Uma das poucas áreas em que os
norte-americanos se destacam, em termos literários, é nas histórias policiais.
O gênero foi criado por Edgar Alan Poe em abril de 1841, com o conto Os Crimes
da Rua Morgue. De lá para cá, quase todos os grandes escritores da terra de Tio
Sam se dedicaram, em algum momento de suas carreiras, às histórias policiais,
com destaque para Dashiell Hammett e Raymond Chandler. Esses dois últimos
chegaram a criar um subgênero, o noir, em que o detetive se envolve com as
histórias, em oposição ao estilo inglês, em que o detetive resolve quase todo o
caso de seu escritório, utilizando apenas o raciocínio lógico. Assim, a
coletânea Mistério à Americana é um prato cheio para os fãs do gênero.
O livro é organizado e tem
prefácio de Donald Westlake. Pouca gente o conhece no Brasil, e, no entanto, é
um dos mais inventivos escritores que já tive o prazer de ler. Sua
especialidade era produzir livros sob uma ótica inusitada. Em O Espião
Pacifista ele mostrava um pacifista bicho-grilo envolvido em uma trama
internacional de terrorismo e sendo obrigado a trabalhar para o FBI. Em A Vida
Secreta de um Homem Sensual ele nos mostra um escritor de erotismo que é um
frustrado sexual. Infelizmente, Westlake só organizou o volume, procurando
histórias interessantes em antologias, revistas masculinas, como a Playboy,
magazine especializados, como a Ellery Queen's Mystery Magazine (que foi
editado aqui no Brasil com o nome de Mistéiro Magazine até a década de 70) e
até revistas acadêmicas, como Oxford American.

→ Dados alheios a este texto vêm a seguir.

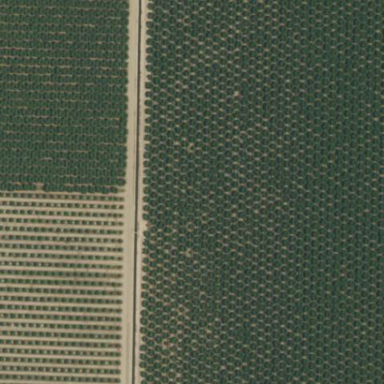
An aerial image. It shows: Orchard with nectarine trees.

O resultado une de escritores
consagrados, como Jeffery Deaver (de O Colecionador de Ossos, que chegou a
virar filme) a nomes totalmente desconhecidos.
Os que estão acostumados ao
gênero policial mais convencional, no estilo Agatha Christie, vão se
decepcionar. A grande maioria da história foge do padrão "Assassinato que
deve ser solucionado por um detetive". Na verdade, em muitos casos, nem
mesmo há um assassinato e, em outros, não há detetive. Em outras situações, o
detetive só se depara com um assassinato quando está investigando um outro
crime mais banal. É o que acontece, por exemplo, com "Milagres!
Acontecem!", de Dough Allyn. A trama toda gira ao redor de um detetive tentando
descobrir a filha desaparecida de uma cantora gospel.
Em "Motel 66"não há
nem mesmo um detetive. A história tem como protagonista uma moça ingênua que
passa sua lua de mel em um hotel de beira de estrada na famosa Route 66. Anos
depois ela volta ao mesmo local e acaba descobrindo que sua estada ali pode
estar relacionada a um crime. A história termina com a sugestão de outro crime,
num clima que beira o cômico.
Em "Saltando com
Jim", um detetive é contratado para proteger o marido de uma bela mulher,
que parece estar envolvido com negócios escusos. Sua investigação o leva a
descobrir que ele está relacionado com o comércio internacional de mulheres e
que o piloto de um avião o está chantageando. Não, contar isso não estraga a
história. "Saltando com Jim", assim como "Milagres!
Acontecem!" são histórias noir, em que a solução do crime é menos
importante que a investigação em si. Já se disse que o policial noir é o mais
próximo que a literatura moderna chegou do teatro grego, em que os personagens
parecem estar sendo guiados por um destino do qual não podem escapar. O
detetive é apenas uma testemunha dessa derrocada.
Há uma história emblemática de
Dashiell Hammett em que um detetive bate na porta de uma casa perguntando por
um adolescente que fugiu de casa. Os bandidos, que estavam na casa, logo
desconfiam e o prendem. Enquanto decidem o que fazer o detetive, eles discutem
entre si e acabam se matando. No final descobrimos que o detetive estava mesmo
procurando um garoto desaparecido e que sua presença na casa era puramente
acidental. É esse tipo de ironia do destino que o leitor encontrará na maioria
das histórias de Mistério à Americana.